Let’s see let’s see.
So it’s thanksgiving break. Fuck yeah.
Thursday night Tommy decided to tell me that he’s in love with this random girl. That sucked.
Friday was school. Lots of work. Then I sat in the video room for 2 hour editing. I just got in a zone and didn’t get up until it was compeltely finished. Then went to the GSA shiznit. Then was in the theatre tlaking to Jenn and Elisa and Bogie for a long time until mom finally picked me up. Then rushed straight to McCarter. Spacing rehearsal which was entirely worthless. Don’t feel like writing about it. Came home. Talked to Tommy online and was literally crying the entire time. I think I played the sims…
Saturday was nutcracker. Wow I completely forgot I performed. Weird. Yeah. It was alll day. Spacing. Tech. Dress. First show. I seriously started hyperventilating in the rat head and thought I was gonna die because it’s so damn hot on stage with all this fog and I can’t breathe or see in thehead. Not pleasing. But for the show it was on tight and that was more pleasing. I read all of No Exit and hung out with 9 year olds. I’m not sure if it was pleasing or not. Then I came home and beasted. And then talked to Tommy till 3 in the morning again. I talked to him on the phone for like 45 minutes. I hadn’t heard his voice in sooo long and…it was intense. I have no fucking idea what’s going on withthat. No fucking clue.
Sunday was like the greatest day of my life. Went to NYC. ORGASMED ALL OVA SOHO. Went to outdoor markets. Black people selling people on the side of the street. A jungle of black people. Buying a pipe and a flask in chinese store. The best mother fucking bubble tea I’ve ever had. A sketchy ass cheap shop. Sexy hats. Lots of random stores. Ricky’s. Good food. Sexy ass shit. And THEN SPRING AWAKENING. Greatest thing I’ve ever seen. I just can’t get over it. It’s like the first musical I’ve ever seen that completely stuck with me. I can’t get it out of my head. I can’t stop thinking aboutit. I can’t stop telling people about it. It’s amazing. It was completely electric. And only the more I think about it do I find the meaning in it. Emlyn and I are like so obsessed. And I don’t think I can wait until December 12th for the soundtrack to come out. I just can’t. Anyway so I was like completely in love with the main character. Not just the sexy rebel intellectual character…but the actor too. And so we went to the stagedoor and waited for him and he came out and he was soooo sweet. Not like not manly sweet…but like vulnerable and real and humble and SO FINE. And when I asked him for his autograph he stared into my eyes…stared into my SOUL man haha and was sooo fine. This was it:
Me: You were so amazing
Him: Aw, thank you. Is this your first time seeing the show?
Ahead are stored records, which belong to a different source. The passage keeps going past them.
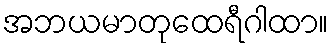
အဘယမာတုထေရီဂါထာ။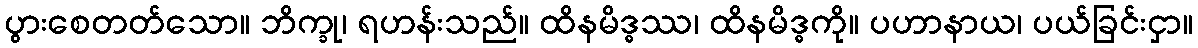
ပွားစေတတ်သော။ ဘိက္ခု၊ ရဟန်းသည်။ ထိနမိဒ္ဓဿ၊ ထိနမိဒ္ဓကို။ ပဟာနာယ၊ ပယ်ခြင်းငှာ။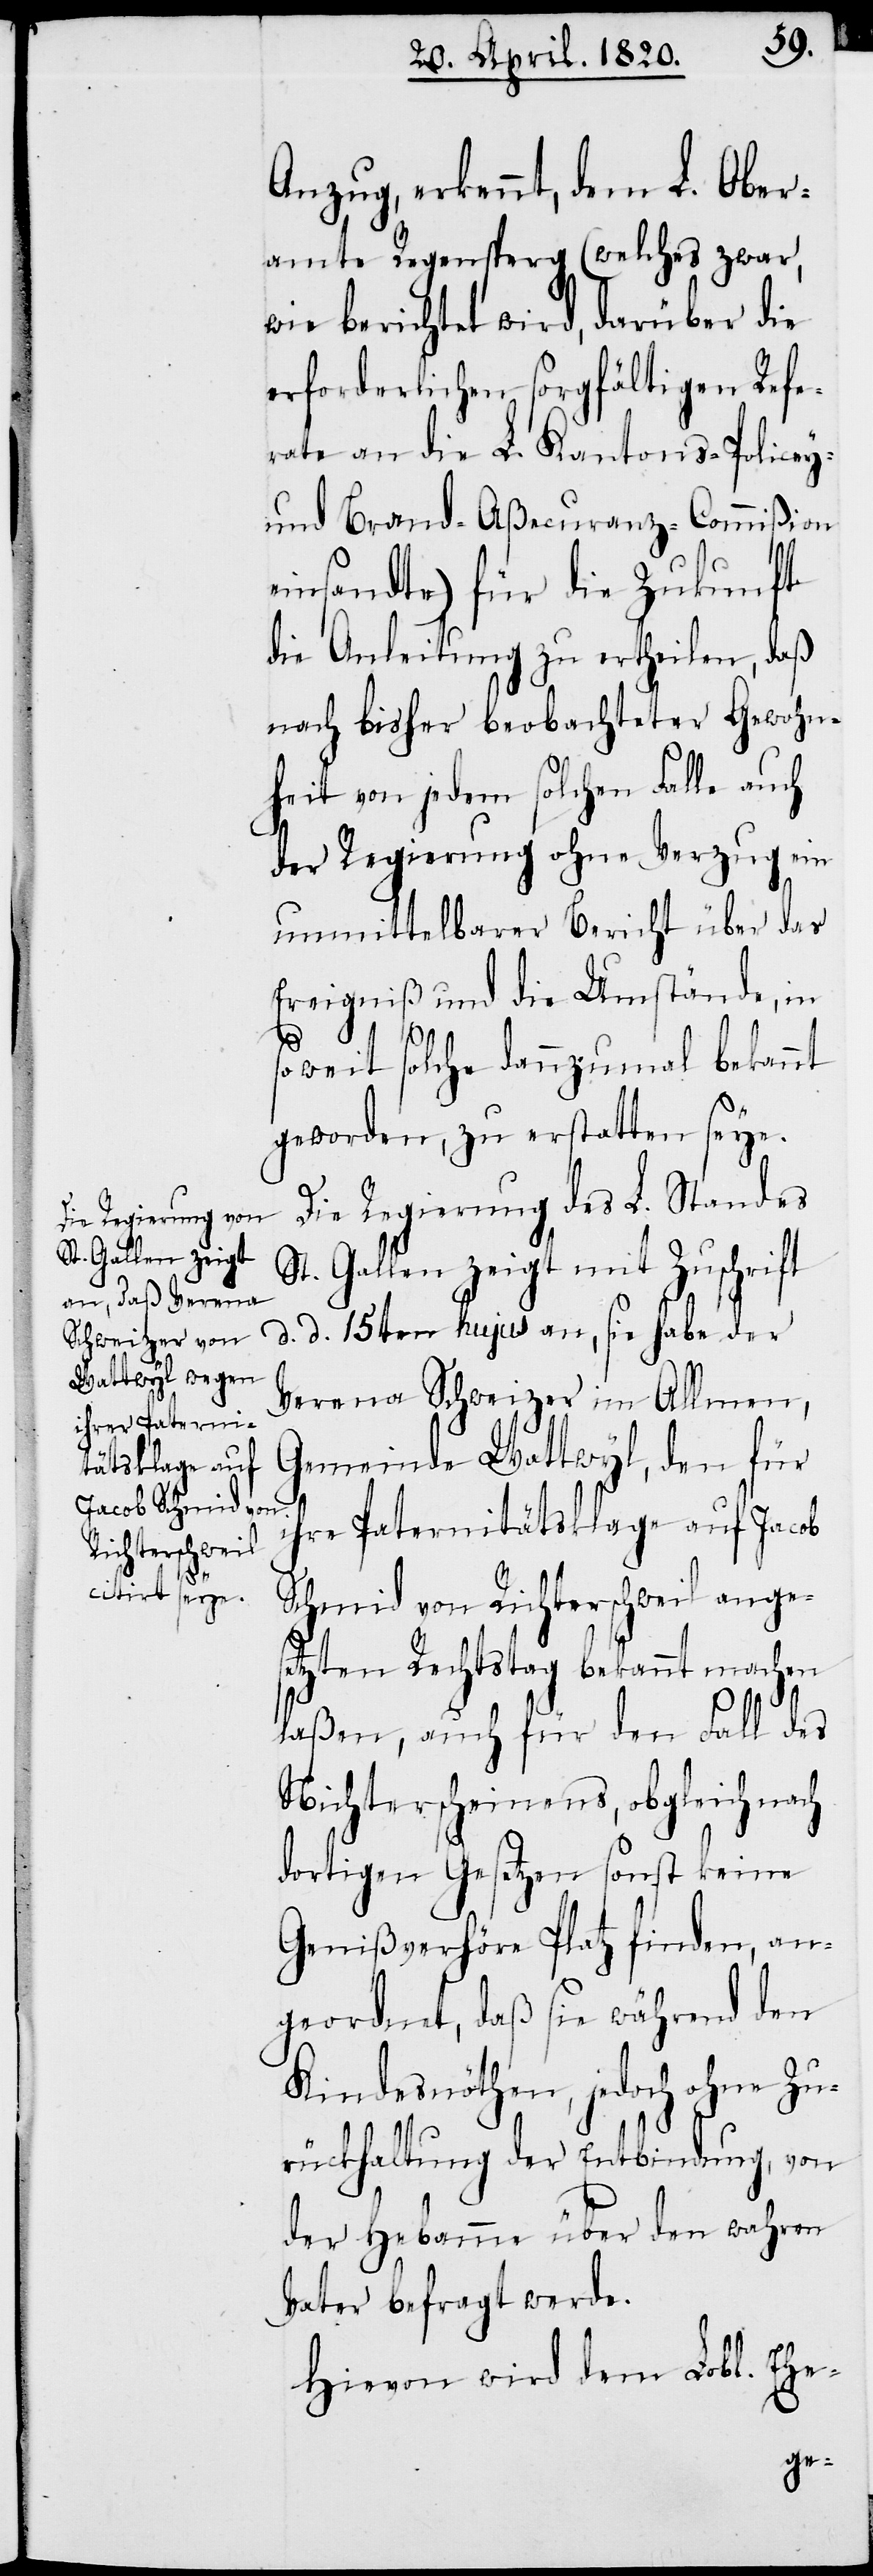
Anzug, erkennt, dem L. Ober¬
amte Regensperg (welches zwar,
wie berichtet wird, darüber die
erforderlichen sorgfältigen Refe¬
rate an die L. Kantons-Policey-
und Brand-Aβecuranz-Comiβion
einsandte) für die Zukunft
die Anleitung zu ertheilen, daβ
nach bisher beobachteter Gewohnt¬
heit von jedem solchen Falle auch
der Regierung ohne Verzug ein
unmittelbarer Bericht über das
Ereigniβ und die Umstände, in
soweit solche dannzumal bekannt
geworden, zu erstatten seye.
Die Regierung des L. Standes
St. Gallen zeigt mit Zuschrift
d. d. 15ten hujus an, sie habe der
Verena Schweizer im Allmen,
Gemeinde Wattwyl, den für
ihre Paternitätsklage auf Jacob
Schmid von Richterschweil anges¬
etzten Rechtstag bekannt machen
laβen, auch für den Fall des
Nichterscheinens, obgleich nach
dortigen Gesetzen sonst keine
Geniβverhöre Platz finden, an¬
geordnet, daβ sie während den
Kindesnöthen, jedoch ohne Zu¬
rückhaltung der Entbindung, von
der Hebamme über den wahren
Vater befragt werde.
Hiervon wird dem Lobl. Ehe-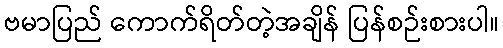
ဗမာပြည် ကောက်ရိတ်တဲ့အချိန် ပြန်စဉ်းစားပါ။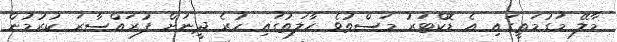
މާލޭ މަގުމަތީގައި އެ ޑޮކްޓަރު މަސްތުވެ ހާލަތުގައި ހުރެ ދީނަށް ފުރައްސާރަ ކުރުމުން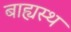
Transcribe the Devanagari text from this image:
बाह्यस्थ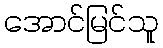
အောင်မြင်သူ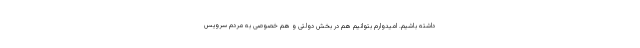
داشته باشیم. امیدوارم بتوانیم هم در بخش دولتی و هم خصوصی به مردم سرویس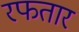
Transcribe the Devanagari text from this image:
रफतार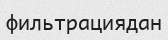
фильтрациядан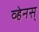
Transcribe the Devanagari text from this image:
व्हेनस्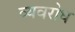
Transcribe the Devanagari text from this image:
व्यवरोध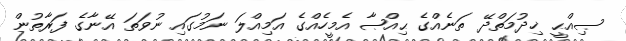
ޞިއްޙީ ޚިދުމަތްދޭ ތަނެއްގެ ޙިއްޞާ އެމީހެއްގެ އަމިއްލަ ނަމުގައި ނުވަތަ އޭނާގެ ފަރާތުން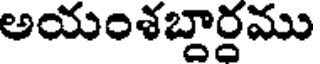
అయంశబ్దార్తము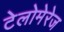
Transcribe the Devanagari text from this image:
टेलोमेरेज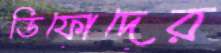
ডিফোদের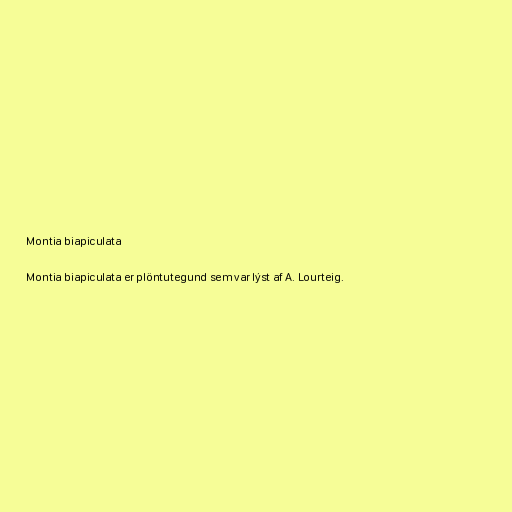
Montia biapiculata

Montia biapiculata er plöntutegund sem var lýst af A. Lourteig.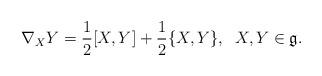
LaTeX: \begin{align*} \nabla_{X}Y=\frac{1}{2}[X,Y]+\frac{1}{2}\{X, Y\}, \;\;X, Y \in \mathfrak g.\end{align*}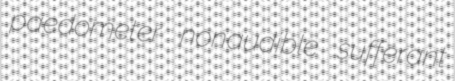
paedometer nonaudible sufferant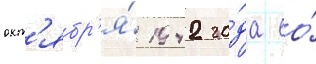
окт'ябр'я́ 1942 го́да ео́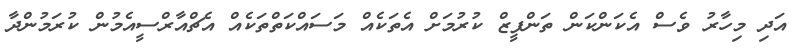
އަދި މިހާރު ވެސް އެކަންކަން ތަންފީޒް ކުރުމަށް އެތަކެއް މަސައްކަތްތަކެއް އެޗްއާރްސީއެމުން ކުރަމުންދާ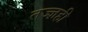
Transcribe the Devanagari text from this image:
तज्ज्ञही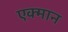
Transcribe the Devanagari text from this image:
एक्मान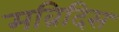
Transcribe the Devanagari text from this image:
मव्रिदिस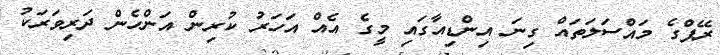
ރޭޕްގެ މައްސަލަތައް ގިނަ އިންޑިއާގައި މީގެ އެއް އަހަރު ކުރިން އަންހެން ދަރިވަރަކު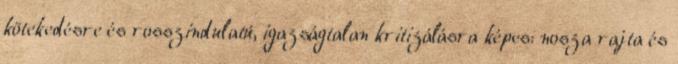
kötekedésre és rosszindulatú, igazságtalan kritizálásra képes: nosza rajta és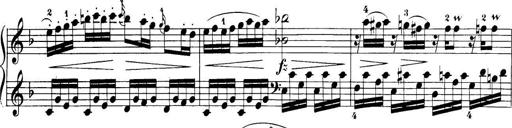
Title: 32 Sonatinas and Rondos for the Piano
Composer: Richard Kleinmichel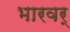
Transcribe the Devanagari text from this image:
भारवर्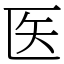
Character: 医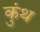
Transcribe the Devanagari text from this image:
कुंथ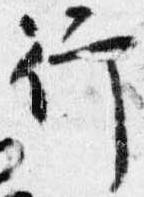
行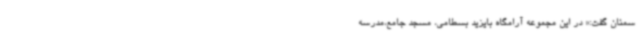
سمنان گفت:« در این مجموعه آرامگاه بایزید بسطامی، مسجد جامع،مدرسه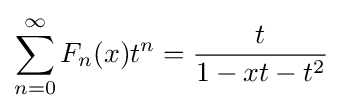
\sum _{n=0}^{\infty }F_{n}(x)t^{n}={\frac {t}{1-xt-t^{2}}}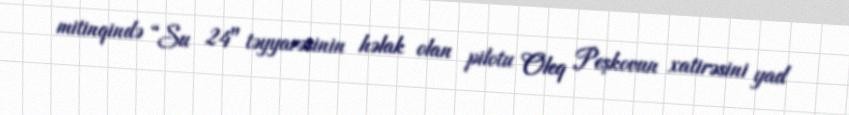
mitinqində “Su 24" təyyarəsinin həlak olan pilotu Oleq Peşkovun xatirəsini yad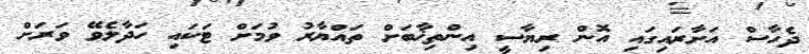
ދެހާސް އަށާރައިގައި އޮން ރިޔާސީ އިންތިޚާބަށް ތައްޔާރު ވުމަށް ޓަކައި ހަދާލެވޭ ވަރަށް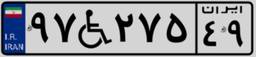
۹۷W۲۷۵۴۹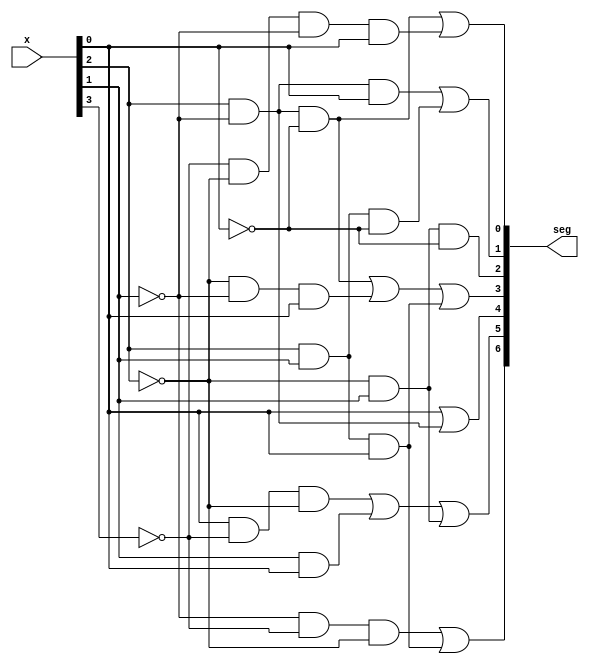
`timescale 1ns / 1ps
//////////////////////////////////////////////////////////////////////////////////
// Company: 
// Engineer: 
// 
// Design Name: 
// Module Name: BCDToLED
// Project Name: 
// Target Devices: 
// Tool Versions: 
// Description: 
// 
// Dependencies: 
// 
// Revision:
// Revision 0.01 - File Created
// Additional Comments:
// 
//////////////////////////////////////////////////////////////////////////////////


module BCDToLED(
    input [3:0] x,
    output [6:0] seg
    );
    
    assign seg[0]=x[2]&~x[1]&~x[0]|~x[3]&~x[2]&~x[1]&x[0];
    assign seg[1]=x[2]&~x[1]&x[0]|x[2]&x[1]&~x[0];
    assign seg[2]=~x[2]&x[1]&~x[0];
    assign seg[3]=x[2]&~x[1]&~x[0]|~x[2]&~x[1]&x[0]|x[2]&x[1]&x[0];
    assign seg[4]=x[0]|x[2]&~x[1];
    assign seg[5]=x[0]&~x[3]&~x[2]|x[1]&x[0]|~x[2]&x[1];
    assign seg[6]=~x[1]&~x[3]&~x[2]|x[2]&x[1]&x[0];
    
endmodule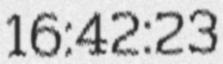
16:42:23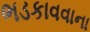
ભડકાવવાના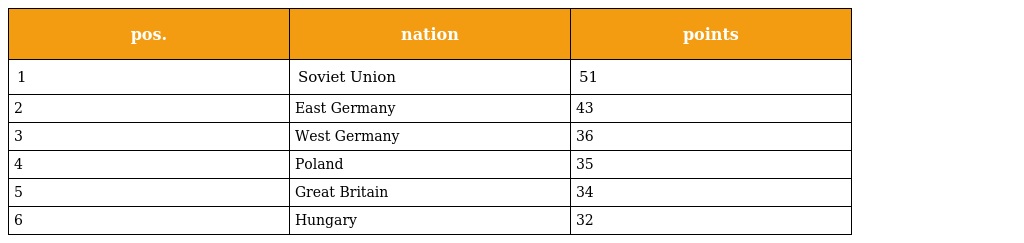
| pos. | nation | points |
 | --- | --- | --- |
 | 1 | Soviet Union | 51 |
 | 2 | East Germany | 43 |
 | 3 | West Germany | 36 |
 | 4 | Poland | 35 |
 | 5 | Great Britain | 34 |
 | 6 | Hungary | 32 |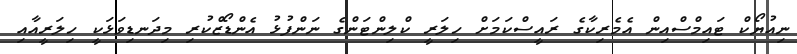
ނިއުޔޯކް ޓައިމްސްއިން އެމެރިކާގެ ރައީސްކަމަށް ހިލަރީ ކްލިންޓަންގެ ނަންފުޅު އެންޑޯޒްކުރި މިދަނޑިވަޅަކީ ހިލަރީއާއި
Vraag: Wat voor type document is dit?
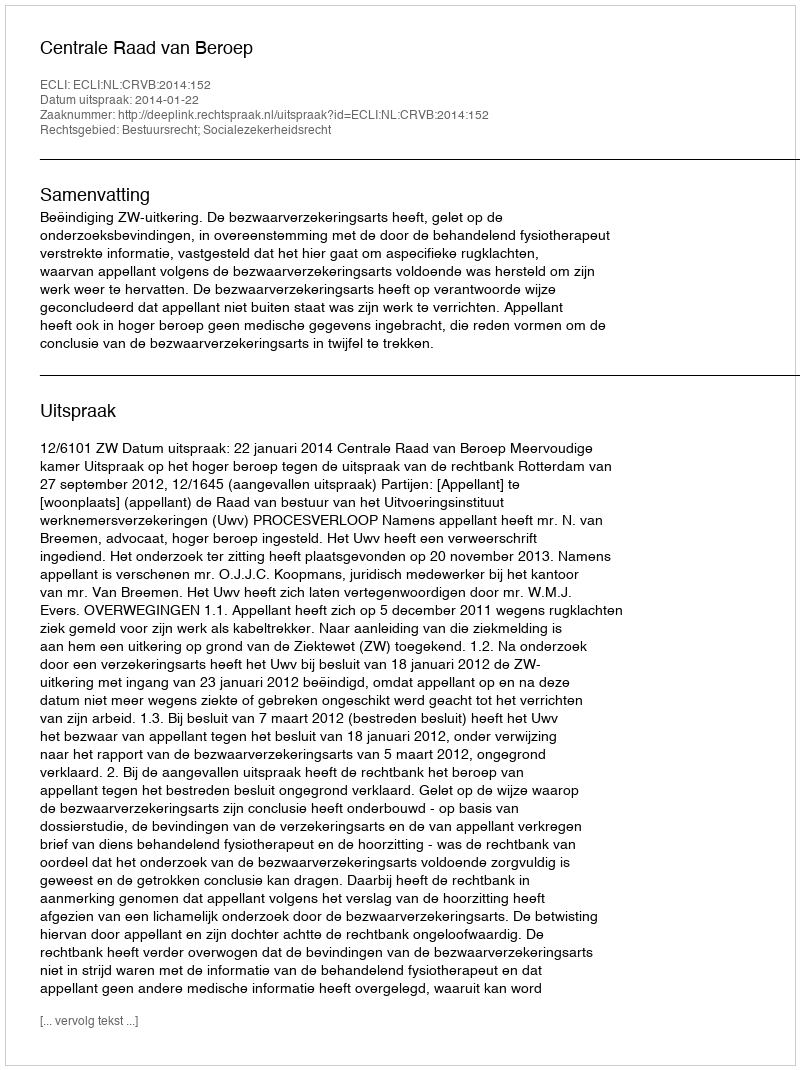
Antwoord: Uitspraak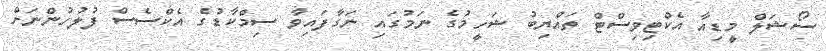
ސޯޝަލް މީޑިއާ އެކްޓިވިސްޓް ތައްޔިބު ޝަހީމުގެ ނަމުގައި ނަގާފައިވާ ސިމްކާޑުގެ އެކްސެސް ފުލުހުންނަށް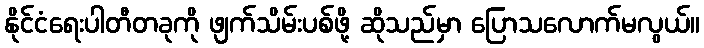
နိုင်ငံရေးပါတီတခုကို ဖျက်သိမ်းပစ်ဖို့ ဆိုသည်မှာ ပြောသလောက်မလွယ်။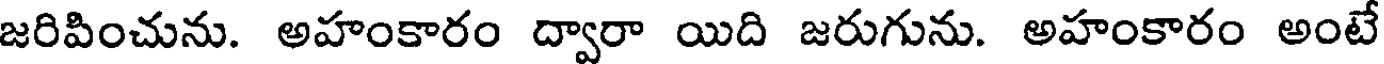
జరిపించును. అహంకారం ద్వారా యిది జరుగును. అహంకారం అంటే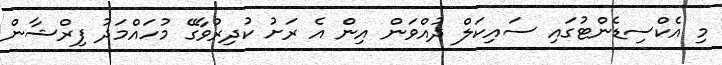
މި އެކްސިޑެންޓުގައި ސައިކަލް ދުއްވަން އިން އެ ރަށު ކުދިރުވާގޭ މުހައްމަދު ފިރްޝާން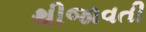
થીજાવતી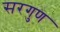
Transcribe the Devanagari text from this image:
सरगुण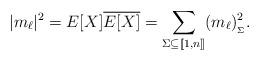
LaTeX: \begin{align*} |m_\ell|^2 = E[X]\overline{E[X]} = \sum_{\Sigma\subseteq [\![1,n]\!]} (m_\ell)_{_\Sigma}^2.\end{align*}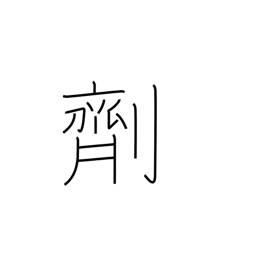
Meaning: drug

And then I don’t remember the rest it all gets foggy. Actually the whole conversation is foggy. But he was SOO fine. Like it seirously made my life. Like I met my soulmate. I am GOING to marry that man.
I don’t know how I stayed calm and composed in that moment. I really don’t. Beucase the second we stopped talking…my mom like dragged me away…and I literally got weak in the knees and my vision went blurry and I started mumbling “I’m in love…I’m in love…I’m in love…” and then I was like screaming to go back…I was so upset for being dragged away I wanted to stand there in his presence forever. I wanted to follow him home. No joke. So then. No lie. No exaggeration. From the theatre ALL the way back to Penn Station..Allll the way down Time’s Square…Emlyn and I were in a total trance…SCREAMING SQUEALING…UGGHING…CRYING OVER THE BEAUTY OF JONATHAN GROFF. I don’t even know what people’s reactions were…we were just SCREAMING with pleasure. And desire. And love. This is what we looked like for about 20 minutes straight:
It was insane. Absolutely insane. Now THAT’S love. I just can’t get over it. I can’t.
I guess you could say we liked it.
And then we went home and googled it like insanity and watched interviews and there’s no fucking soundtrack out yet…not until DECEMBER 12th cuz it’s still in freaking previews…but there’s ONE song online with a music video that emlyn and I have been playing over and over and over again. IT’S THE BITCH OF LIVING. SO FINE. Then I dreamt all about my incredible lust for this man.
My life is complete. Nothing else matters.
Yeah. That’s my story. Then today I slept in until 3. Which was just as pleasing as anything else. Did nothing. Seriosuly nothing. Watched tv. Beasted with Emlyn. Had a REALLLY sketchy HeHe Sisterhood meeting. Smoked things. Burned things. Burned remnants of my past. Actually it was pretty cool. Watching this smolder and fall to ashes. It was cleansing. Then we orgasmed about Spring Awakening some more and watched some shit and ran around some shit and I dyed my hair a little and then watched degrassi and talked to people and now I should go to bed. AND WE WATCHED SOME CREEPY ASS EVANGELICAL CHRISTIAN CONCERT AND CRIED.